I am glad to follow the right hon. Member for Crosby (Mr. Page) and the hon. Member for Sutton Coldfield (Mr. Fowler) because I think that there is a great deal of merit in what they say. I do not feel that the argument has been laid out for continuation of these orders in any permanent sense. What is at issue is whether we are right to have the full process of consultation before the final decision is reached. I hope that decision will be negative and the orders rescinded some time in 1977.

I want to look at the reasons why I think the orders should be recalled or annulled. Various reasons were advanced for their introduction in the first place. They were introduced against a background of the energy crisis, and tacked on to this we had the argument of safety.

If we look at the safety and fuel saving factors we find that both were significantly in error when they were advanced as reasons for maintaining the orders. I do not believe that there is much evidence that safety has been improved by the orders. I pay tribute to the Department in this regard as there is precious little indication that the level of accidents has decreased as a result of the orders in the evidence it has put forward in the document which has been issued for consultation.

As the hon. Member for Tiverton (Mr. Maxwell-Hyslop) pointed out, the orders are in force on roads which themselves vary widely in form. Motorists are in ignorance from one mile to another about the particular category of road on which they are travelling. They do not know whether they should be observing a 50 mph or a 60 mph limit, or whether there is a temporary derestriction. More often than not, the motorist is not even open to the sanction of the law because very few police cars will pursue him to tell him whether he is observing the limit.

When he replies, my hon. Friend should tell us the incidence of prosecutions, both successful and unsuccessful, over the period since the orders came into force. My guess is that they are honoured in the breach almost always. I must admit that I honour them in the breach, partly out of simple ignorance and partly because when there is a 50 mph limit on a road which is safe and on which motorists are never stopped or chased because it is outside the normal marked restrictions, the motorist usually ends up travelling at a speed which is convenient to him.
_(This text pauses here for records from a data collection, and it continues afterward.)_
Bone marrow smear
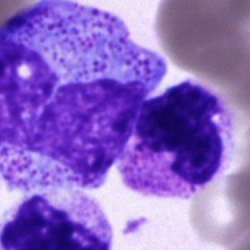 A promyelocyte.
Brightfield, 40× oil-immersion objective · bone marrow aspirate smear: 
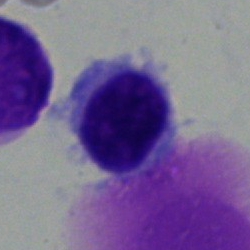Specimen: bone marrow smear.
Cell: hairy cell.
Lineage: lymphoid.
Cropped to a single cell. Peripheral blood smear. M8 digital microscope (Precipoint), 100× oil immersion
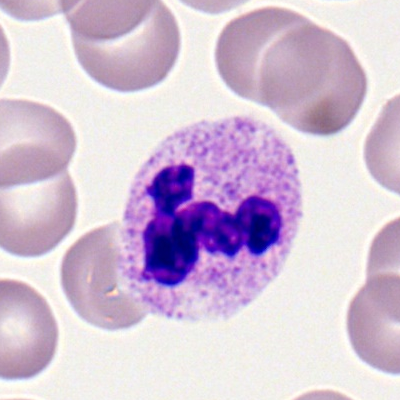 Q: Which cell type is shown here?
A: It is a neutrophil (segmented).
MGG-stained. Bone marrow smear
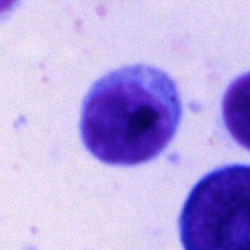
A lymphocyte.
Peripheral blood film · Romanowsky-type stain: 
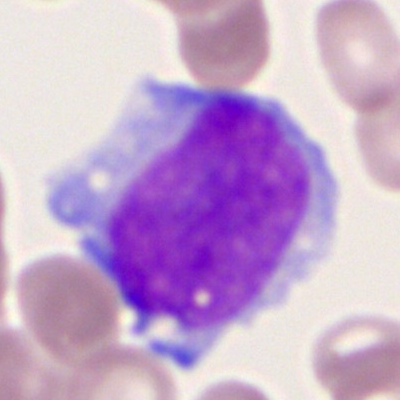
Impression → myeloid blast.
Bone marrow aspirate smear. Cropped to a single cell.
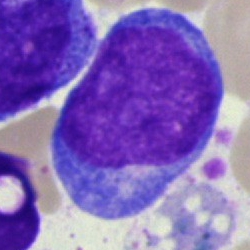
Showing a blast cell.
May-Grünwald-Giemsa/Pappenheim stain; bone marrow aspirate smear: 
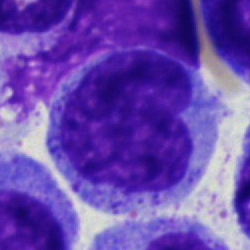 Promyelocyte.
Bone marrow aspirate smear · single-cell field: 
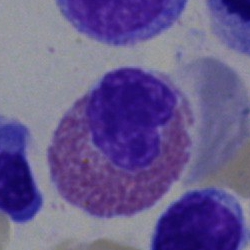

Q: What type of cell is this?
A: This is an eosinophil.
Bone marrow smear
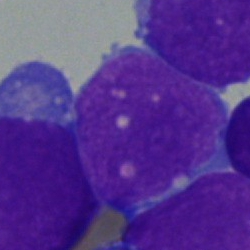

The classification is blast.
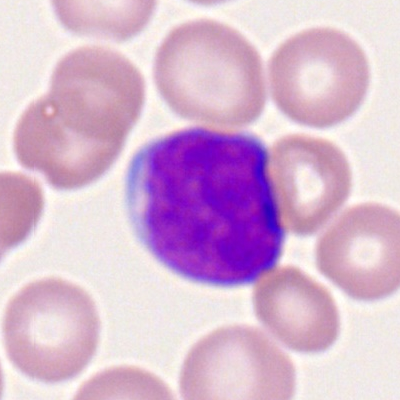
Single-cell crop from a peripheral blood smear: myeloid blast.
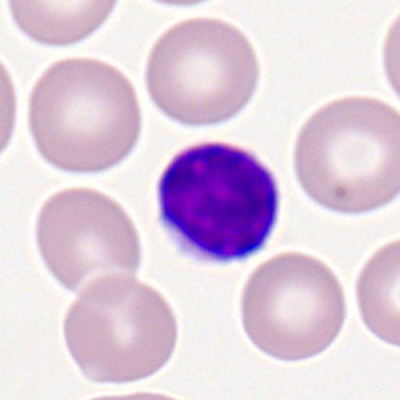 The cell shown is a lymphocyte.
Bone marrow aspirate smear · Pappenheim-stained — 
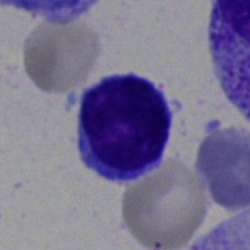{"cell_type": "typical lymphocyte"}
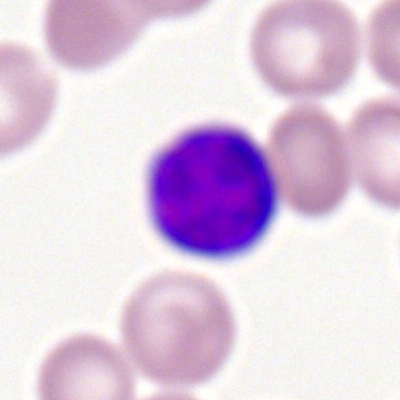
Cell: lymphocyte.
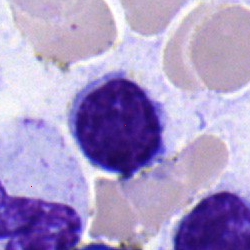
A typical lymphocyte on a bone marrow smear.
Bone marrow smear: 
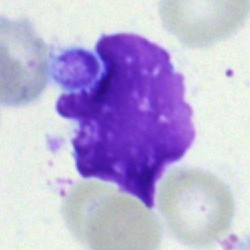 Specimen: bone marrow smear.
Morphological class: artefact.
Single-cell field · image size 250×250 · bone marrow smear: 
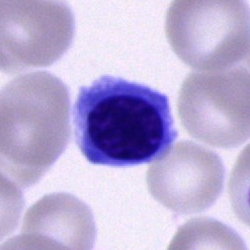
The cell shown is an erythroblast.
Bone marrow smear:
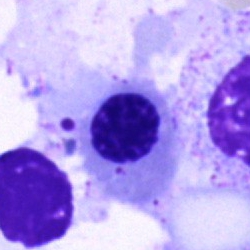Showing a nucleated red cell.
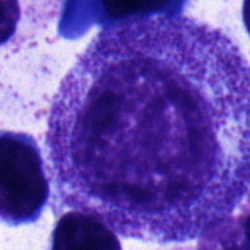

Bone marrow aspirate smear, single cell — promyelocyte.
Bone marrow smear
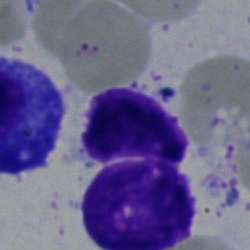

Artifact.
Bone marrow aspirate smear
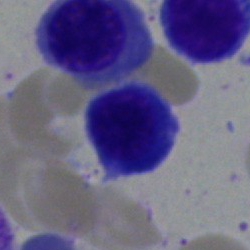Impression — typical lymphocyte.
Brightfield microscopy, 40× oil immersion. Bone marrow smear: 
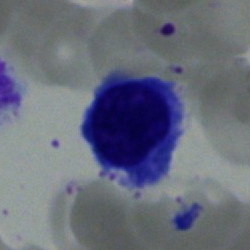Q: What type of cell is this?
A: This is a nucleated red cell.
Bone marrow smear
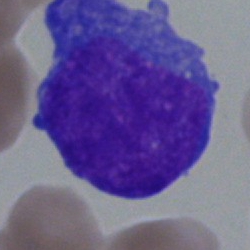
Morphology → undifferentiated blast.
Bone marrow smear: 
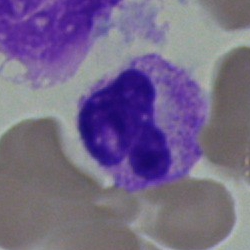
A segmented neutrophil.
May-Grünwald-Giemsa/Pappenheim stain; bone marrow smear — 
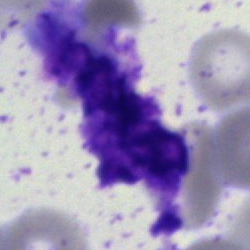Q: What is shown here?
A: This is an artifact.
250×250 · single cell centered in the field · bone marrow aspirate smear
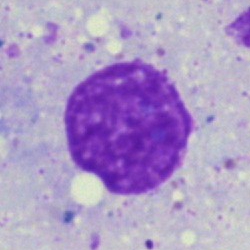

This is an artefact.
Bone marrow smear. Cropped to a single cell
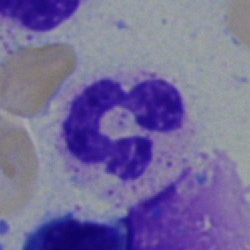{"cell_type": "polymorphonuclear neutrophil", "lineage": "myeloid"}
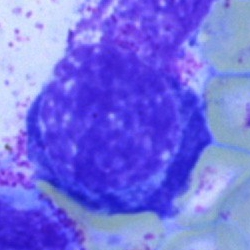
Specimen: bone marrow aspirate smear.
Cell: nucleated red blood cell.
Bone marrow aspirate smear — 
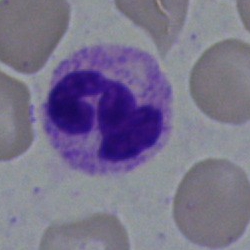
Cell type — segmented neutrophil.
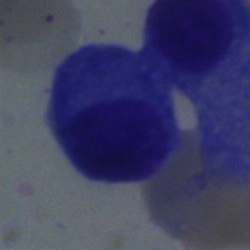
Morphological class = plasmacyte.
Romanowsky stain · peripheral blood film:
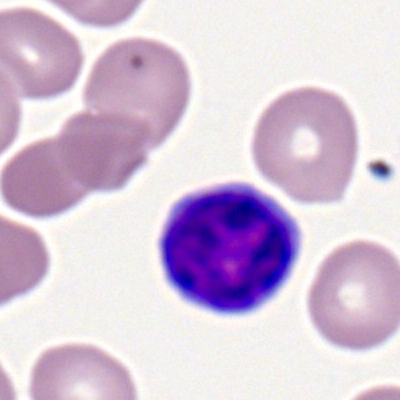

Q: What type of cell is this?
A: Lymphocyte.
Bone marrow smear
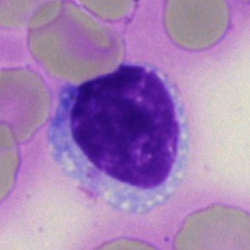 Morphological class = lymphocyte.
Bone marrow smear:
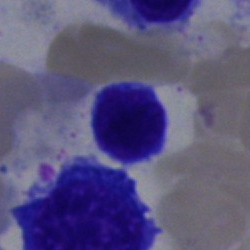

Showing a typical lymphocyte.
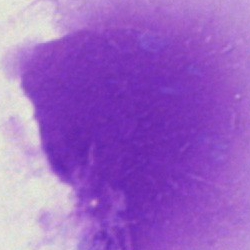Q: What is shown here?
A: Artefact.
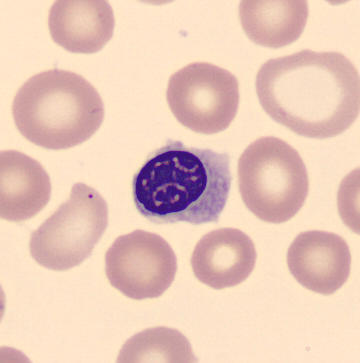
Peripheral blood film, single cell — normoblast.
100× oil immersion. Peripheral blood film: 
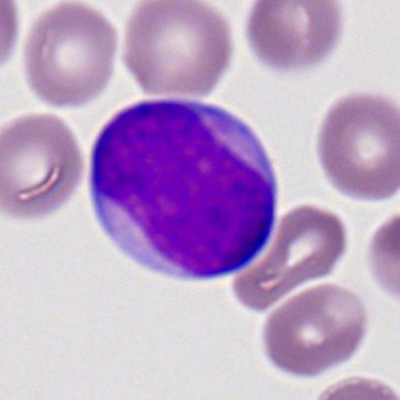

Q: What is the morphological classification of this cell?
A: A myeloblast.
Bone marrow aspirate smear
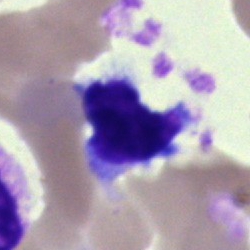A typical lymphocyte.
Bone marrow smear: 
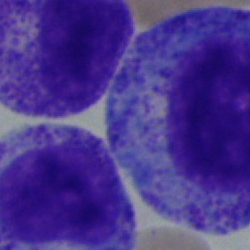 {"cell_type": "progranulocyte", "lineage": "myeloid"}
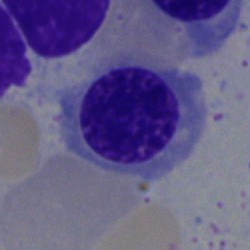
This is a nucleated red cell.
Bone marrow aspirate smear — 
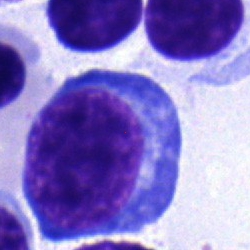

This is a nucleated red cell.
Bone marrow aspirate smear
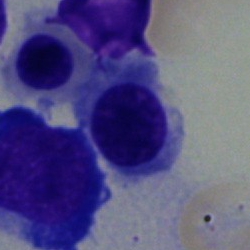

{"cell_type": "nucleated red blood cell"}
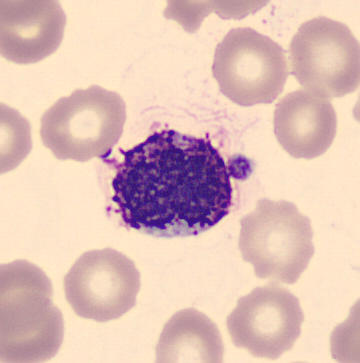
Acquisition: May Grünwald-Giemsa stain; peripheral blood film. Q: What is this?
A: A basophil.
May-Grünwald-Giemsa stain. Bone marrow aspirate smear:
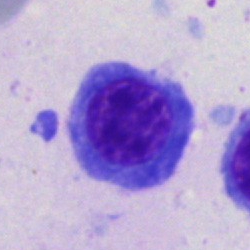

Nucleated red cell.
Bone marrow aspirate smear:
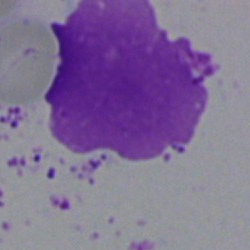

An artefact.
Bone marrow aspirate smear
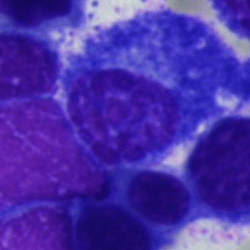
A plasma cell.
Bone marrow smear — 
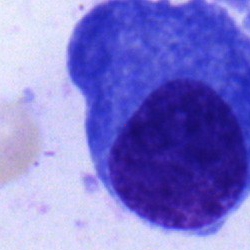
Morphological class — plasma cell.
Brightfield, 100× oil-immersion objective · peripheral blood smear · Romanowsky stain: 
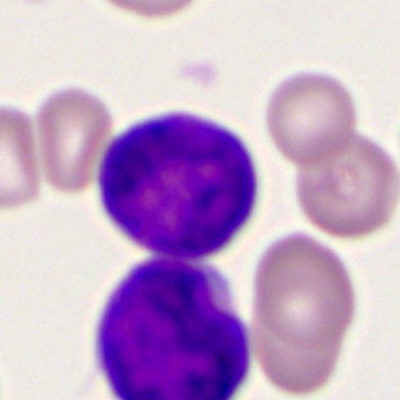
Morphology → myeloid blast.
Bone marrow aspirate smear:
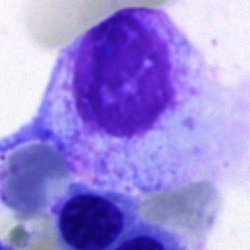
An artefact.
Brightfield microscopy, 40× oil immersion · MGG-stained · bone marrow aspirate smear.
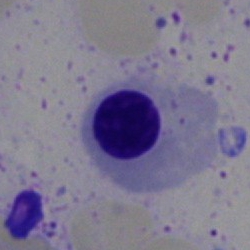 Q: Which cell type is shown here?
A: It is an erythroblast.
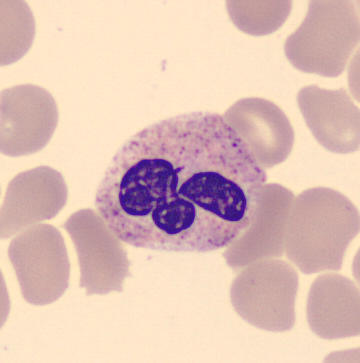

Peripheral blood smear.
This is a neutrophil (segmented).
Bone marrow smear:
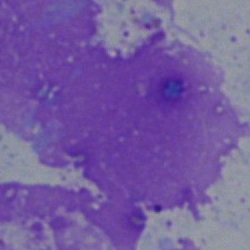 Single cell identified as an artifact.
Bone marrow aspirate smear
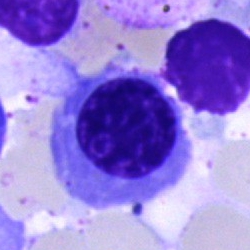

Showing an erythroblast.
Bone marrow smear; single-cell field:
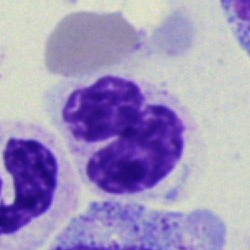Morphology → polymorphonuclear neutrophil.
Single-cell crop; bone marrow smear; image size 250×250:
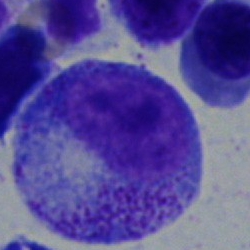Q: What is the morphological classification of this cell?
A: This is a promyelocyte.
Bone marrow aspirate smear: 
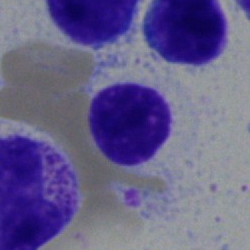 The classification is typical lymphocyte.
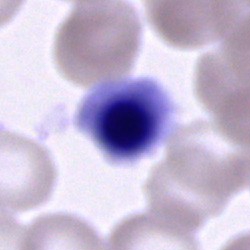Specimen: bone marrow smear.
Morphological class: erythroblast.
Lineage: erythroid.
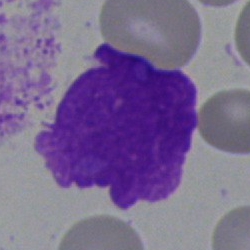
Specimen: bone marrow aspirate smear.
Cell: artifact.
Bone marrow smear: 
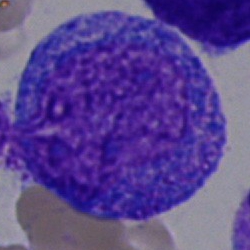

Cell: progranulocyte.
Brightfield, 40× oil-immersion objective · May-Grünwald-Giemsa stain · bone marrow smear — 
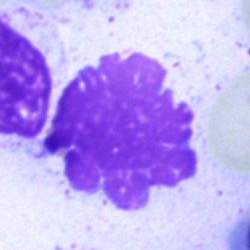

Single cell identified as an artefact.
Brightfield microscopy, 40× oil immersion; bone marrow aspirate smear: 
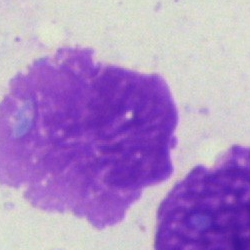
This is an artefact.
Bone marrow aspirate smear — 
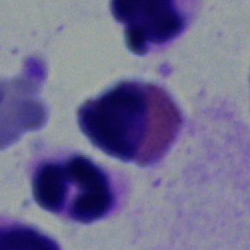

Showing an eosinophil.
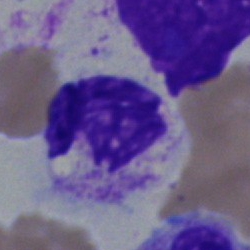 Q: What is shown here?
A: Polymorphonuclear neutrophil.
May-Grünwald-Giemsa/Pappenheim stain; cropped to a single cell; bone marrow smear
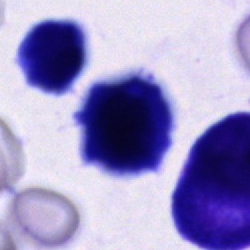Specimen: bone marrow aspirate smear.
Morphological class: unidentifiable cell.
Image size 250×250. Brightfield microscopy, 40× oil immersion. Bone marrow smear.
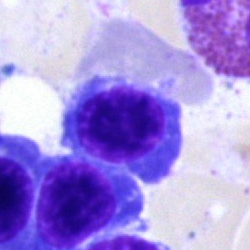Specimen: bone marrow smear.
Cell: normoblast.
Lineage: erythroid.
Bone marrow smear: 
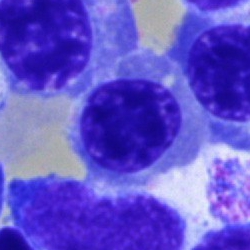

Impression — nucleated red cell.
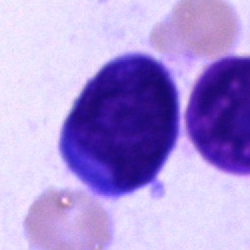Bone marrow aspirate smear, single cell — blast cell.
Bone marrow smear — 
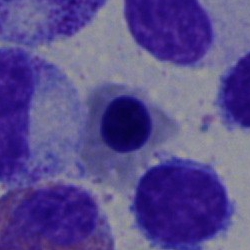

Cell type = nucleated red blood cell.
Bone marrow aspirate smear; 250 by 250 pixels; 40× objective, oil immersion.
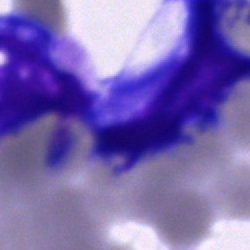
Cell type — blast cell.
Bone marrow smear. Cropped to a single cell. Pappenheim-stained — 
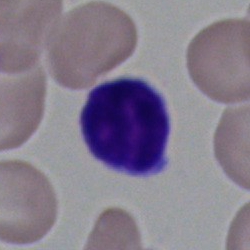 Typical lymphocyte.
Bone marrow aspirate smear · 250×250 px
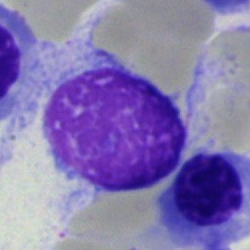
Specimen: bone marrow smear.
Morphological class: artifact.
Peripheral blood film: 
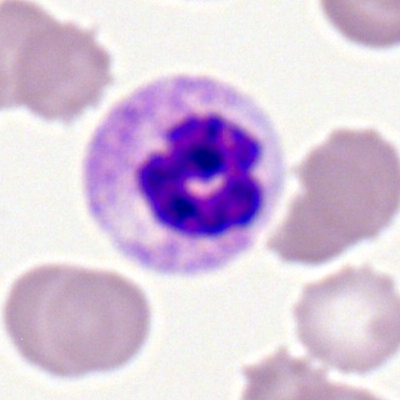 This is a neutrophil (segmented).
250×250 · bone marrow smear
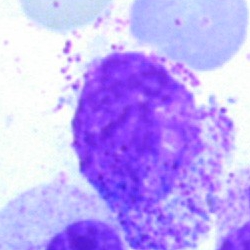 A myelocyte.
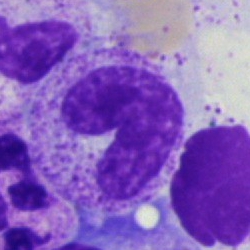 Classification — band-form neutrophil.
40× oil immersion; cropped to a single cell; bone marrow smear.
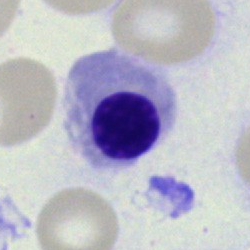 Q: What is the morphological classification of this cell?
A: This is an erythroblast.
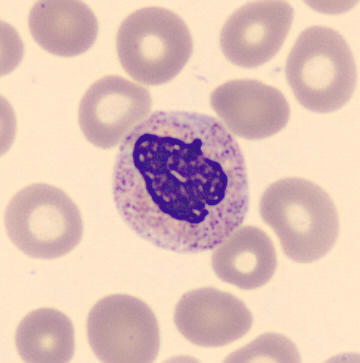Single-cell crop; peripheral blood film.

This is a stab cell.
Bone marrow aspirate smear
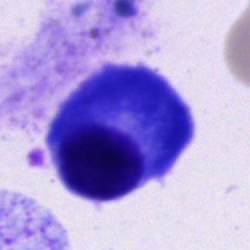
Impression → plasma cell.
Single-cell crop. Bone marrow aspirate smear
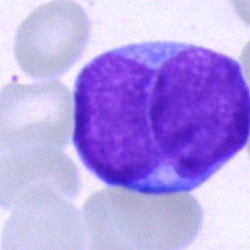 Classification = undifferentiated blast.
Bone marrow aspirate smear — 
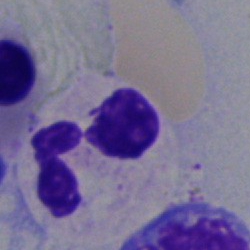Specimen: bone marrow aspirate smear.
Morphological class: polymorphonuclear neutrophil.
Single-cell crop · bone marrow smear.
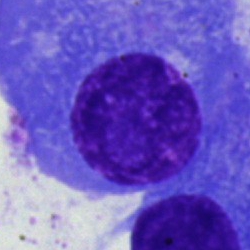
Showing a plasmacyte.
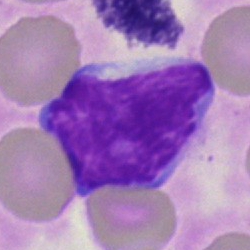 The classification is lymphocyte.
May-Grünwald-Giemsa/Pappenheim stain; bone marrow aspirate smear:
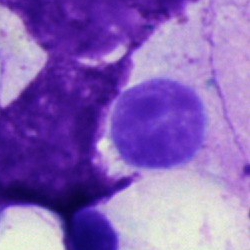

Q: Identify the cell.
A: This is a lymphocyte.
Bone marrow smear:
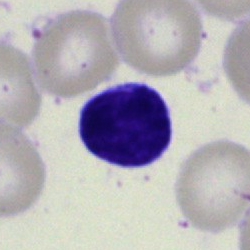Morphology consistent with a lymphocyte.
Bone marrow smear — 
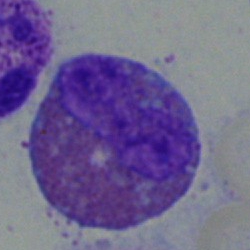

Q: What is shown here?
A: This is an eosinophil.
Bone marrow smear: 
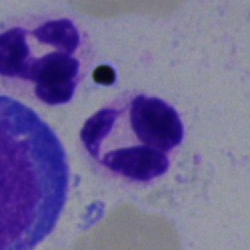

The cell shown is a segmented neutrophil.
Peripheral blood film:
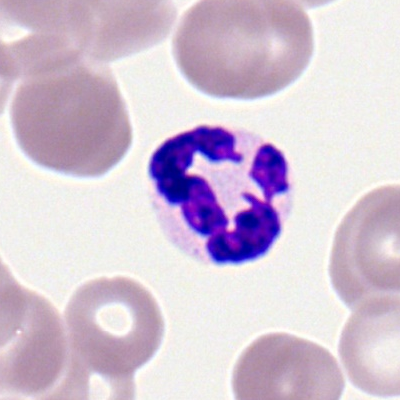

Showing a polymorphonuclear neutrophil.
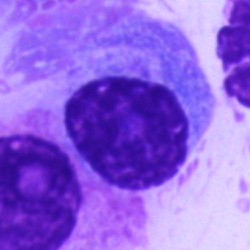 {"cell_type": "plasmacyte", "lineage": "lymphoid"}
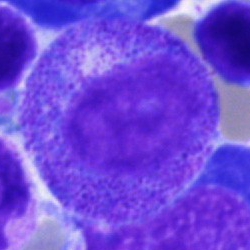The cell shown is a progranulocyte.
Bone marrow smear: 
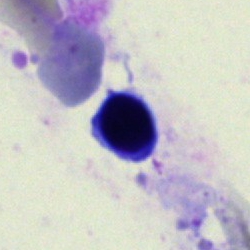 Classification: artefact.
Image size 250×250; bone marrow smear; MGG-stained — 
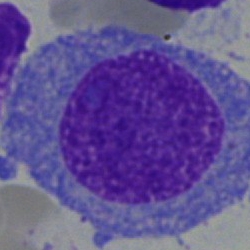A progranulocyte.
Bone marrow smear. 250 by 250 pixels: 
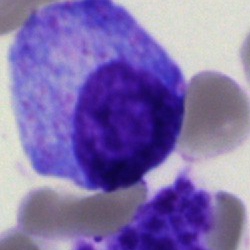{"cell_type": "progranulocyte", "lineage": "myeloid"}
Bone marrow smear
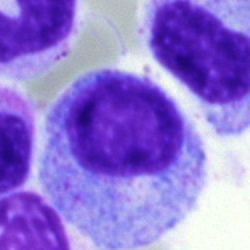Single cell identified as a myelocyte.
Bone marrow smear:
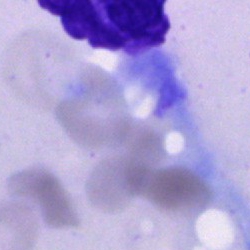 {"cell_type": "artefact"}
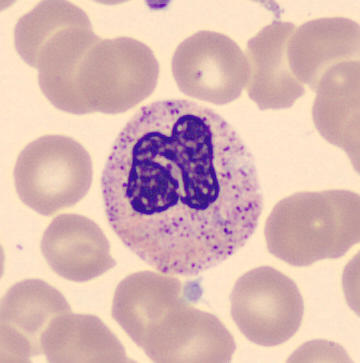
Cell type — neutrophil (segmented).
Peripheral blood film.
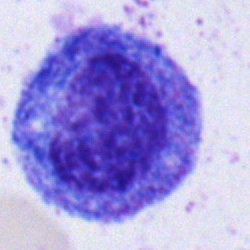 A promyelocyte.

I suspect that most motorists do this and I suspect that there have been very few prosecutions brought, particularly in recent months.

The second question is whether these orders have reduced the number of road accidents or made people drive more carefully. I doubt it. Those of us who travel up the motorways regularly would be in favour of many more differential markings for differential conditions. We are introducing this on motorways to some extent, but on many Continental roads this system is much more sophisticated and has been in existence for longer periods over greater stretches of road. Under this system a temporary speed limit comes into effect by warning lights when road conditions are difficult. If the Government want to attack the safety problem, this is the way to do it. They should not do it by saying that there will be a 50 mph or 60 mph limit on roads on which no markings have been placed at one-mile, or even 10-mile intervals.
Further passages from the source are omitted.